In its Q2 report, JLL states average annual prime rents for two-bedroom apartments decreased nominally by 2 per cent to reach Dh160,000 from Dh163,000 due to a slight increase in vacancy rates caused by job cuts and people choosing to downsize. The average prime sales prices, on the other hand, reached about Dh15,200 per sq m from Dh16,000 per sq m, registering a decline of 5 per cent.
Similarly, in the office sector, average Grade A rents decreased by 3 per cent to reach Dh1,795 per sq m from Dh1,850 per sq m. Whereas, average Grade B rents also saw a decline of 3 per cent to reach Dh1,086 per sq m from Dh1,120 per sq m.
''The market remains somewhat fragmented, for example, Grade A offices are performing notably better than the secondary office market, which has seen rates dip by around -2 per cent quarter-on-quarter and -10 per cent year-on-year, while prime rentals have remained broadly flat during the same period,'' says Matthew Green, Head of Research and Consulting, CBRE Middle East.
A similar story is apparent in the residential market, where mid-market products are generally outperforming the premium end, which reflects the more challenging conditions in the corporate leasing market.
Green says there has certainly been a realisation in the market that there is a lack of mid-market product available for rent and that has led to increasing rentals in locations such as Al Ghadeer and Al Reef Downtown over the past 12 months.
The performance of the realty sector was largely helped by developers quickly reacting to the decline in oil price by cutting new supply — with annual supply completions currently at a long term low. Only 400 units were delivered during Q2, bringing the total residential stock to about 246,400 units in Abu Dhabi. ''This has helped mitigate the extent of market decline, with a minor correction in rents and prices relative to the growth that occurred from 2013-14,'' says Dudley.
About 4,000 units are expected to enter the market by the end of 2016 mainly within Reem Island, Rawdhat and Saraya, although, based on past trends, a proportion of these could experience delays at handover.
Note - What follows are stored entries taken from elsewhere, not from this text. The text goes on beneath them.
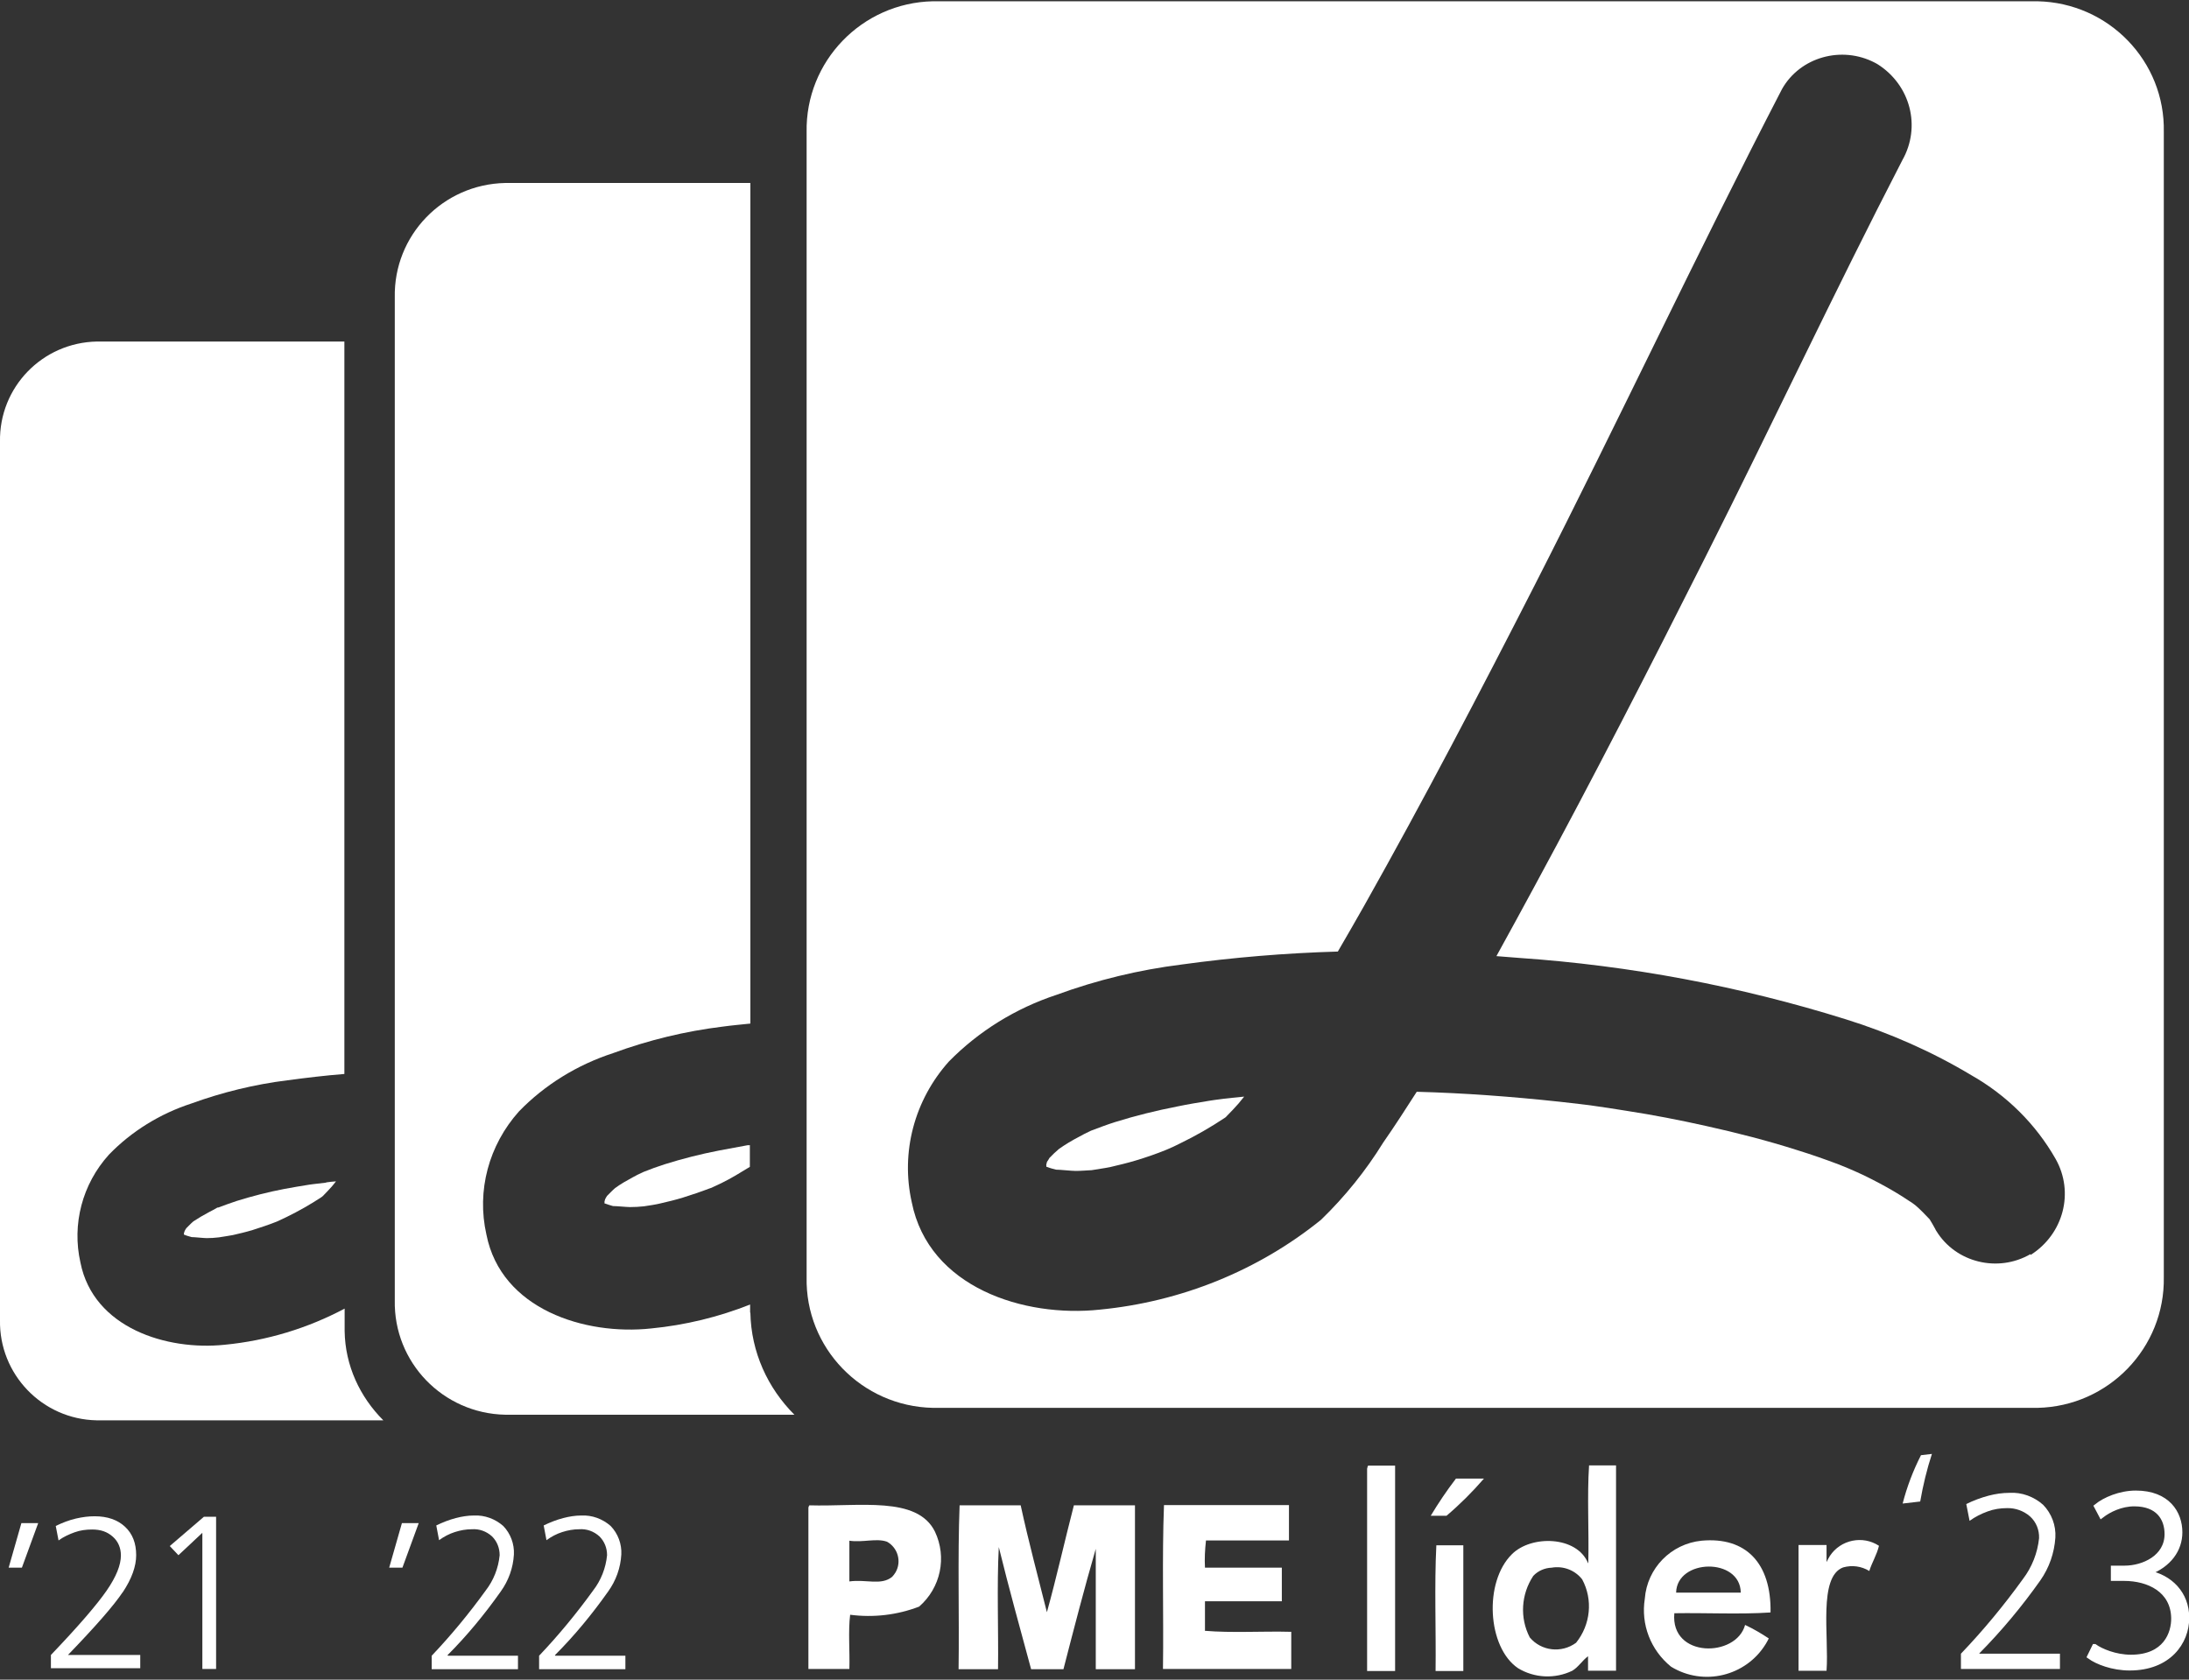 <?xml version="1.0" encoding="UTF-8"?>
<svg id="a" data-name="Camada 1" xmlns="http://www.w3.org/2000/svg" viewBox="0 0 86 66">
  <rect x="0" y="0" width="86" height="66" fill="#333333" stroke="none"/>
  <defs>
    <style>
      .b, .c, .d {
        fill: #fff;
      }

      .b, .d {
        stroke-width: 0px;
      }

      .c {
        stroke: #fff;
        stroke-miterlimit: 10;
        stroke-width: .2px;
      }

      .d {
        fill-rule: evenodd;
      }
    </style>
  </defs>
  <path class="b" d="m12.81,46.47c-.17.02-.34.04-.51.06l-.15.02c-.33.05-.66.11-.99.17-.63.12-1.25.28-1.86.47-.24.08-.49.17-.73.26h-.03c-.11.07-.22.12-.33.18-.21.11-.41.23-.61.36-.05.04-.1.09-.14.13s-.09.09-.14.14c-.03.04-.05.08-.07.12,0,.02-.01.04-.02.06s0,.06,0,.08h.02c.09.04.18.06.28.09.12,0,.47.04.59.04.16,0,.32-.01.48-.03.13-.02.45-.07.55-.09.26-.06.52-.12.78-.2.31-.1.62-.2.92-.32l.05-.02c.12-.06.24-.11.36-.17.47-.23.93-.49,1.37-.78.02-.02.04-.03.06-.05.12-.12.23-.24.34-.36.04-.05.11-.13.17-.21-.13.01-.25.02-.38.04"/>
  <path class="b" d="m13.54,52.31v-.89c-1.45.77-3.05,1.26-4.71,1.42-2.28.24-5.16-.66-5.67-3.23-.34-1.5.07-3.08,1.12-4.24.89-.92,2.01-1.61,3.24-2.01,1.21-.44,2.48-.75,3.76-.91.75-.1,1.5-.19,2.25-.25V13.42H3.81C1.66,13.46-.04,15.22,0,17.36H0v34.51c-.04,2.13,1.66,3.9,3.8,3.94h11.26c-.92-.92-1.5-2.15-1.52-3.51Z"/>
  <path class="b" d="m29.47,51.58v-.32c-1.24.49-2.55.81-3.89.94-2.6.28-5.89-.75-6.47-3.69-.39-1.72.09-3.51,1.28-4.84,1.02-1.05,2.29-1.83,3.7-2.29,1.39-.51,2.83-.86,4.3-1.04.36-.05.72-.08,1.09-.12V7.19h-9.63c-2.45.05-4.39,2.06-4.34,4.5h0v39.4c-.05,2.44,1.89,4.45,4.34,4.5h11.36c-1.05-1.05-1.7-2.46-1.73-4.01Z"/>
  <g>
    <path class="b" d="m80.05.05h-43.4c-2.79.06-5.01,2.36-4.96,5.14,0,0,0,0,0,0v44.99c-.06,2.78,2.16,5.08,4.96,5.14,0,0,0,0,0,0h43.4c2.79-.06,5.01-2.36,4.96-5.14,0,0,0,0,0,0V5.19c.06-2.78-2.16-5.08-4.96-5.14,0,0,0,0,0,0m-.28,49.23c-1.28.74-2.93.33-3.69-.9-.02-.03-.04-.06-.05-.09-.07-.13-.14-.25-.22-.38-.18-.19-.36-.38-.56-.55-.08-.06-.17-.13-.23-.16-.18-.12-.36-.24-.55-.35-.4-.24-.82-.46-1.25-.67-.12-.06-.42-.19-.58-.26-.13-.05-.26-.11-.39-.16-.53-.2-1.07-.39-1.62-.56-1.19-.38-2.4-.69-3.62-.96-1.03-.23-2.06-.43-3.1-.59-.48-.08-.96-.15-1.45-.22l-.41-.05c-.26-.03-.53-.06-.79-.09-1.86-.2-3.73-.34-5.6-.39-.43.67-.86,1.34-1.32,2-.68,1.1-1.5,2.12-2.44,3.03-2.46,1.99-5.49,3.22-8.69,3.53-2.97.32-6.72-.86-7.39-4.22-.44-1.96.1-4.01,1.46-5.53,1.17-1.19,2.62-2.09,4.23-2.62,1.58-.58,3.23-.98,4.91-1.19,2.03-.28,4.08-.45,6.14-.51.35-.6.7-1.21,1.04-1.81,2.33-4.14,4.53-8.35,6.69-12.58,3.3-6.47,6.38-13.05,9.72-19.5.71-1.26,2.35-1.72,3.66-1.03.03.02.06.03.09.05,1.3.82,1.72,2.46.98,3.77-2.66,5.15-5.12,10.4-7.73,15.58-2.19,4.35-4.41,8.69-6.73,12.97-.49.91-.99,1.82-1.49,2.73.3.02.59.05.89.07,4.36.3,8.67,1.11,12.83,2.41,1.73.54,3.39,1.27,4.94,2.2,1.39.79,2.53,1.92,3.31,3.29.74,1.31.31,2.95-.98,3.77"/>
    <path class="b" d="m48.4,43.14c-.22.02-.45.05-.67.08l-.2.03c-.43.07-.86.14-1.29.23-.82.16-1.63.36-2.43.61-.32.1-.63.22-.95.34l-.04.02c-.15.07-.29.14-.43.22-.27.14-.54.3-.79.48-.06.06-.13.11-.19.17s-.12.12-.18.18c-.03.05-.06.11-.1.16,0,.03-.01.05-.02.08s0,.07,0,.11h.02c.12.05.24.08.36.11.16,0,.61.05.77.05.21,0,.42-.02.63-.03.17-.03.59-.09.72-.12.34-.08.68-.16,1.01-.26.4-.12.81-.26,1.2-.42l.07-.03c.16-.07.32-.14.47-.22.62-.3,1.21-.64,1.78-1.02.02-.02.05-.04.07-.07.15-.15.3-.31.45-.48.05-.06.14-.17.22-.27-.17.02-.33.03-.5.05"/>
  </g>
  <path class="b" d="m74.75,59.08c.17-.66.41-1.29.72-1.9l.43-.05c-.2.61-.35,1.24-.46,1.87l-.69.08Z"/>
  <path class="d" d="m31.8,59.15s-.04.05-.04.1v6.33h1.61c.02-.7-.05-1.49.03-2.13.92.12,1.85.01,2.71-.32.85-.74,1.1-1.94.62-2.95-.7-1.41-2.97-.97-4.94-1.03m3.26,2.81c-.43.35-1.01.09-1.68.18v-1.6c.53.08,1.06-.11,1.48.04.43.24.58.79.33,1.21-.04.06-.08.12-.13.17"/>
  <path class="d" d="m41.13,63.35c-.35-1.4-.72-2.77-1.03-4.2h-2.4c-.08,2.07-.01,4.3-.04,6.44h1.55c.02-1.59-.05-3.27.03-4.8.4,1.63.84,3.21,1.27,4.8h1.27c.41-1.59.82-3.18,1.27-4.73v4.73h1.54v-6.44h-2.4c-.36,1.39-.68,2.83-1.06,4.2"/>
  <path class="d" d="m47.34,64.09v-1.17h3.02v-1.32h-3.02c-.02-.36,0-.71.04-1.07h3.26v-1.39h-4.91c-.08,2.07-.01,4.3-.04,6.44h5.04v-1.46c-1.12-.03-2.33.05-3.4-.04"/>
  <path class="d" d="m53.71,57.69v7.97h1.1v-8.07h-1.06s-.04.06-.03.11"/>
  <path class="d" d="m62.39,61.42c-.44-1.07-2.23-1.11-2.99-.35-1.11,1.09-.97,3.66.24,4.48.64.39,1.45.43,2.13.1.24-.14.39-.4.62-.57v.57h1.1v-8.07h-1.06c-.08,1.21,0,2.57-.03,3.84m-.48,3.13c-.57.42-1.37.33-1.82-.21-.4-.77-.34-1.7.14-2.42.19-.2.45-.31.72-.32.46-.08.92.1,1.2.46.43.8.33,1.78-.24,2.49"/>
  <path class="d" d="m69.56,63.35c.03-1.93-.97-2.97-2.71-2.81-1.2.12-2.14,1.08-2.23,2.28-.16,1.01.23,2.02,1.03,2.67,1.27.78,2.94.38,3.72-.89.04-.07.09-.15.12-.22-.3-.2-.61-.38-.93-.53-.35,1.29-2.94,1.31-2.78-.46,1.25-.02,2.59.05,3.77-.03m-1.16-.78h-2.54c.03-1.34,2.52-1.39,2.54,0"/>
  <path class="d" d="m71.76,61.39v-.68h-1.1v4.94h1.1c.1-1.36-.33-3.69.65-4.06.35-.1.72-.05,1.03.14.11-.35.29-.62.38-.99-.64-.42-1.51-.24-1.93.4-.05.08-.09.16-.13.24"/>
  <path class="d" d="m56.39,65.66h1.1v-4.94h-1.06c-.08,1.58-.01,3.31-.03,4.94"/>
  <path class="d" d="m56.21,59.56h.62c.53-.45,1.02-.94,1.47-1.46h-1.1c-.36.47-.69.96-.99,1.46"/>
  <g>
    <path class="b" d="m77.77,64.98h3.16v.6h-3.89v-.6c.88-.92,1.69-1.9,2.44-2.94.35-.46.57-1.02.63-1.6.01-.32-.11-.63-.35-.85-.25-.22-.58-.34-.91-.33-.26,0-.52.04-.76.13-.25.09-.49.21-.71.37l-.13-.66c.28-.14.58-.25.88-.33.27-.07.54-.11.82-.11.48-.03.96.15,1.32.47.33.34.51.81.48,1.29-.04.6-.24,1.18-.59,1.68-.72,1.02-1.52,1.98-2.4,2.87"/>
    <path class="c" d="m82.29,64.7c.24.17.8.42,1.43.42,1.36,0,1.69-.94,1.68-1.54-.02-1.1-.98-1.56-1.95-1.56h-.42v-.4h.44c.74,0,1.67-.42,1.67-1.34,0-.62-.35-1.19-1.29-1.19-.52,0-.99.23-1.29.46l-.19-.36c.32-.26.92-.52,1.54-.52,1.25,0,1.73.79,1.73,1.54,0,.68-.43,1.28-1.23,1.58v.02c.83.16,1.5.8,1.5,1.76s-.71,1.97-2.24,1.97c-.68,0-1.28-.24-1.57-.45l.19-.39Z"/>
  </g>
  <polygon class="b" points="15.29 61.6 15.81 61.6 16.45 59.85 15.79 59.85 15.29 61.6"/>
  <path class="b" d="m29.47,45h-.1c-.38.07-.76.14-1.13.21-.72.14-1.43.32-2.13.54-.28.09-.56.19-.83.3l-.04.02c-.13.06-.26.12-.38.19-.24.13-.47.26-.69.42-.06.05-.11.1-.16.15s-.11.11-.16.16c-.03.05-.06.09-.08.14,0,.02-.01.05-.02.07,0,.02,0,.06,0,.09h.02c.1.04.21.07.31.1.14,0,.54.04.67.04.18,0,.37-.01.55-.03.15-.02.52-.08.63-.11.3-.07.6-.14.89-.23.35-.11.71-.23,1.05-.36l.06-.02c.14-.06.28-.13.41-.19.39-.19.76-.42,1.12-.64v-.84Z"/>
  <g>
    <polygon class="b" points=".34 61.6 .86 61.6 1.5 59.85 .84 59.85 .34 61.6"/>
    <path class="b" d="m4.82,62.57c.36-.54.53-1.03.53-1.46,0-.47-.14-.84-.44-1.12-.29-.27-.69-.41-1.19-.41-.24,0-.48.03-.74.09s-.52.16-.79.29l.11.57c.19-.14.41-.24.63-.32s.45-.11.69-.11c.34,0,.6.09.82.29.2.18.31.43.31.73,0,.37-.18.83-.56,1.38s-1.1,1.39-2.19,2.53v.52h3.51v-.52h-2.84c1.08-1.12,1.8-1.94,2.16-2.48h-.01Z"/>
    <polygon class="b" points="6.67 60.75 7.01 61.11 7.95 60.23 7.95 65.58 8.49 65.58 8.49 59.6 8.01 59.6 6.67 60.75"/>
  </g>
  <g>
    <path class="b" d="m17.6,65.06h2.75v.53h-3.39v-.53c.76-.8,1.47-1.66,2.12-2.56.31-.4.5-.88.55-1.39,0-.28-.1-.54-.3-.74-.22-.2-.5-.3-.79-.28-.23,0-.45.04-.67.11-.22.07-.43.18-.62.32l-.11-.58c.25-.12.5-.22.77-.29.23-.06.47-.1.71-.1.42-.02.83.13,1.15.41.29.3.44.71.42,1.12-.03.53-.21,1.03-.52,1.46-.63.89-1.32,1.73-2.09,2.5"/>
    <path class="b" d="m21.82,65.06h2.75v.53h-3.39v-.53c.76-.8,1.47-1.66,2.12-2.56.31-.4.5-.88.55-1.39,0-.28-.1-.54-.3-.74-.22-.2-.5-.3-.79-.28-.23,0-.45.04-.67.11-.22.07-.43.18-.62.32l-.11-.58c.25-.12.5-.22.77-.29.23-.06.47-.1.71-.1.42-.02.83.13,1.15.41.29.3.44.71.42,1.12-.03.53-.21,1.03-.52,1.46-.63.89-1.32,1.73-2.09,2.5"/>
  </g>
</svg>

Green agrees the performance of the market has been aided by the relative low levels of residential supply in the pipeline with around 14,500 new units expected to be completed by the end of 2018, depending on construction timings.
''This is down on the five- and ten-year averages, reflecting the relatively cautious approach of many developers over the past few years,'' he explains.
With more units expected to come on to the market, Stevens says, cash-rich investors should be in a strong position and units for midquality projects such as the Al Reef units are expected to remain stable.
However, transaction volumes have reduced significantly given the reduction in sentiment and current market dynamics.
''There are still buyers for residential and investment assets but they are increasingly selective in their choice of product and pricing,'' adds Dudley.
With widespread cost optimisation and a relatively constrained economic growth outlook, experts say the second half of 2016 is likely to be a challenging period for Abu Dhabi's real estate market.
''The Abu Dhabi real estate sector is highly dependent on government initiatives and therefore if budget cuts continue as planned, vacancy rates are expected to increase leading to pressure on rental rates thereby negating potential sales prices/rent rises,'' says Declan Mc-Naughton, Managing Director UAE, Chestertons MENA.
The first half of 2016 saw prices and rental rates stabilise in the residential market. This is on the back of a shortage in supply of quality residential products.
With demand declining on the back of corporate restructuring and cutbacks in government spending, Dana Salbak, Associate Partner and Head of Research at Knight Frank, says, ''This is expected to weigh in on the market over the second half of the year. We are likely to see a more pronounced impact of this after the summer in September when families are back for school. Consequently, rental rates and sales prices are expected to decline.''
However, she says there may not be dramatic falls. ''Developers have reacted by slowing down their upcoming supply, with most of them launching projects in line with demand. This behaviour is likely to keep rents and sale prices relatively flat, with marginal declines, in the short-to-medium term.''
Dudley agrees that the impact of job cuts and reduced incomes will become more pronounced in the second half of the year, pushing vacancy rates up further and causing rents to decline, but relative to the overall size of the market along with limited supply, this is expected to be a soft correction rather than a sharp decline.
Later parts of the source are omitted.